Like many of you, I have been wondering exactly what is going on with gasoline prices in the US. In my home town of Seattle, we have exceeded $2.30 a gallon and there is no sign the price will be dropping anytime soon.
So what is going on?
The problem we have been told is the fact that OPEC has jacked up prices and that we have a lack of refineries to produce enough gasoline. The refineries are working at 100% capacity, but demand is outstripping supplies. In addition, there is serious fears we are running out of oil. Because of this, we're facing record prices for gasoline.
I finally had a talk with a friend who works in the refining industry and asked him what is going on.
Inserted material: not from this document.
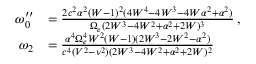
\begin{array} { r l } { \omega _ { 0 } ^ { \prime \prime } } & { = \frac { 2 c ^ { 2 } \alpha ^ { 2 } ( W - 1 ) ^ { 2 } ( 4 W ^ { 4 } - 4 W ^ { 3 } - 4 W \alpha ^ { 2 } + \alpha ^ { 2 } ) } { \Omega _ { e } ( 2 W ^ { 3 } - 4 W ^ { 2 } + \alpha ^ { 2 } + 2 W ) ^ { 3 } } \, , } \\ { \omega _ { 2 } } & { = \frac { \alpha ^ { 4 } \Omega _ { e } ^ { 4 } W ^ { 2 } ( W - 1 ) ( 2 W ^ { 3 } - 2 W ^ { 2 } - \alpha ^ { 2 } ) } { c ^ { 4 } ( V ^ { 2 } - \nu ^ { 2 } ) ( 2 W ^ { 3 } - 4 W ^ { 2 } + \alpha ^ { 2 } + 2 W ) ^ { 2 } } } \end{array}

Here is his take on the refinery part of the equation.
While it is true that gasoline refineries are operating at full capacity, they are not producing as much gasoline as they could.
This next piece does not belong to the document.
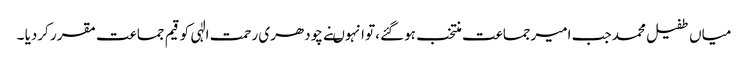
میاں طفیل محمد جب امیرجماعت منتخب ہوگئے ،تو انہوںنے چودھری رحمت الٰہی کو قیم جماعت مقرر کردیا ۔

A modern refinery works like this. Crude oil goes and and depending on the switches they throw or the heating elements they turn on, crude oil can be changed into a number of products on the fly. Home heating oil, diesel, jet fuel, kerosene or gasoline or other products such as pure carbon, used in steel. All of them are easy to produce.
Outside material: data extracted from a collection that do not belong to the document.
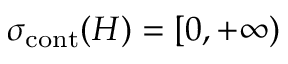
\sigma _ { \mathrm { c o n t } } ( H ) = [ 0 , + \infty )
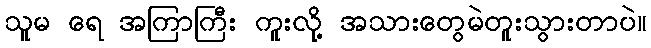
သူမ ရေ အကြာကြီး ကူးလို့ အသားတွေမဲတူးသွားတာပဲ။
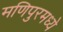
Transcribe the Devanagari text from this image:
मणिपुरमध्ये
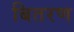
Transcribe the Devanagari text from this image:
बितरण
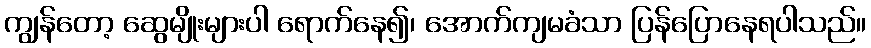
ကျွန်တော့ ဆွေမျိုးများပါ ရောက်နေ၍၊ အောက်ကျမခံသာ ပြန်ပြောနေရပါသည်။

The refineries in the United States are capable of producing an amazing amount of gasoline. In fact, in a few days time, we can produce enough gasoline to end any semblance of a shortage. They can do the same thing for heating oil or jet fuel.
Right now, most refineries are operating at 100% capacity and producing about 19% oil. The majority of the product being produced right now is home heating oil. This is to make up for the depleted stocks over the long cold winter. The refineries in my area, places my friend has been to in the last week are producing mostly carbon in the Cokers. The refineries could easily produce more gasoline, but why? That would drive the price down. Why ruin a good thing?
The US gets 70% of it's oil from resources other than OPEC. We produce lots of oil domestically in California, Texas and Alaska. The cost to pump that oil has not changed, just the cost that the oil is sold at on the futures market. This means that a company like ARCO owns and oil field, they are not paying any more money to run it through their refinery. It has the same cost. When they sell it as gasoline, again it has the same cost. But they can sell it now at record prices. It might explain why oil companies like ARCO or Chevron/Texaco posted record profits last quarter.
Obviously a price hike from OPEC would affect the price of the last 30% of the oil we purchase. With those cost raises in place, it should cost us 50 cents more per gallon, not 75 cents per gallon that I have seen at the pumps.